6 Health Benefits Of Probiotics (Backed By Science)

6 Health Benefits Of Probiotics (Backed By Science)

Probiotics are often touted as an important component of our daily health regime—and for good reason. There are hundreds of probiotic brands on the market, and many more websites and blogs dedicated to the benefits of probiotics on the internet. But how much do you really know about probiotics and their benefits?

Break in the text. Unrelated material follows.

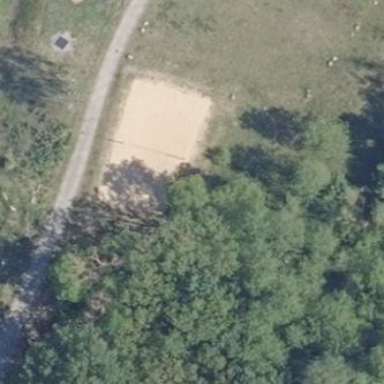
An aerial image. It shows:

Scientific studies have provided evidence for many of the benefits of probiotics that you have probably already read about. The important thing to know is which benefits are real and which are not! It’s also important to understand that there are many different strains of probiotics, and each strain performs different roles within the body.

What Are Probiotics?

Probiotics are beneficial bacteria that live within your intestines. They play a huge variety of important roles in many bodily processes. They help with digesting food, absorbing nutrients, reducing inflammation, producing hormones, and much more.[1] They’re also important for energy production, immune function, healthy detoxification, and proper digestion.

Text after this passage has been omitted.